L'huile végétale a été un élément indispensable des ménages et des cuisines indiennes, ses origines remontant aux graines oléagineuses écrasées dans des presses à froid entraînées par des charrettes à boeufs et des presses mécaniques plus grandes. Les différentes régions de l'Inde ont montré une propension à un type particulier de semences, le nord et l'est cultivant la moutarde, le sud cultivant le sésame et la noix de coco, et le sud et l'ouest cultivant l'arachide. Le «Desi ghee», fabriqué à partir de lait, était l'autre forme d'huile comestible utilisée principalement dans les sucreries et les aliments pour des occasions spéciales.

Alors que l'industrie indienne des huiles comestibles est passée de l'huile végétale hydrogénée à l'huile extraite par solvant et raffinée, la demande et la superficie correspondante de graines oléagineuses ont augmenté rapidement. À leur apogée, la production intérieure de graines oléagineuses s'élevait à 21.5 tonnes en 1993-94, l'Inde étant presque autonome. Cependant, après la libéralisation, les importations ont augmenté, passant de 0.1 million de tonnes en 1993 - 94 à 14 tonnes en 2016 - 17.

Les modes de consommation ont également évolué rapidement depuis lors, l'huile de palme, de soja et de tournesol étant devenues les huiles végétales préférées du pays, tandis que l'arachide, la moutarde, le sésame et d'autres huiles locales parviennent toujours à conserver une part régionale. De nos jours, les principales huiles sont principalement importées sous forme brute et raffinées dans le pays avant d'être emballées et vendues.

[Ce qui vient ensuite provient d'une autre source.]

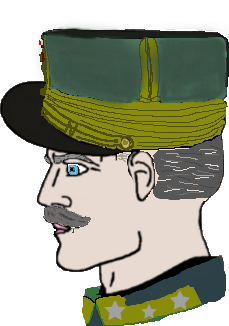
Label: 4_Yes_Chad
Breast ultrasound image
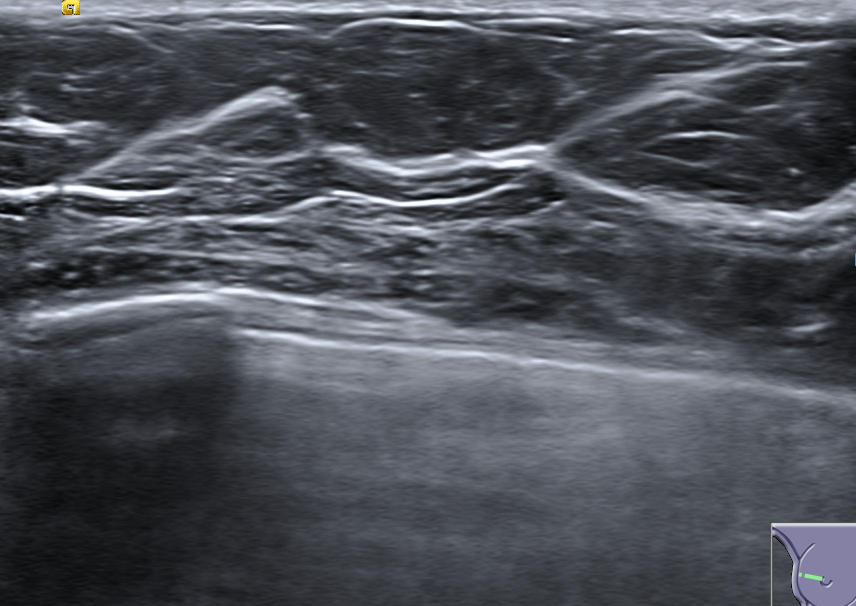
Diagnosis: normal

Une population indienne soucieuse de la qualité a stimulé les ventes de produits emballés de marque à travers le pays, avec l'huile comestible en tête. L'huile comestible emballée s'élève actuellement à 1.3 billion de roupies (19.5 milliards de dollars) en 2017, avec une part de plus de 30% du marché des aliments emballés de 4.34 billions de roupies (65 milliards de dollars). Cependant, la consommation par habitant a encore un potentiel de croissance, avec l'Inde à 17 kilogrammes (kg) contre la moyenne mondiale de 25 kg.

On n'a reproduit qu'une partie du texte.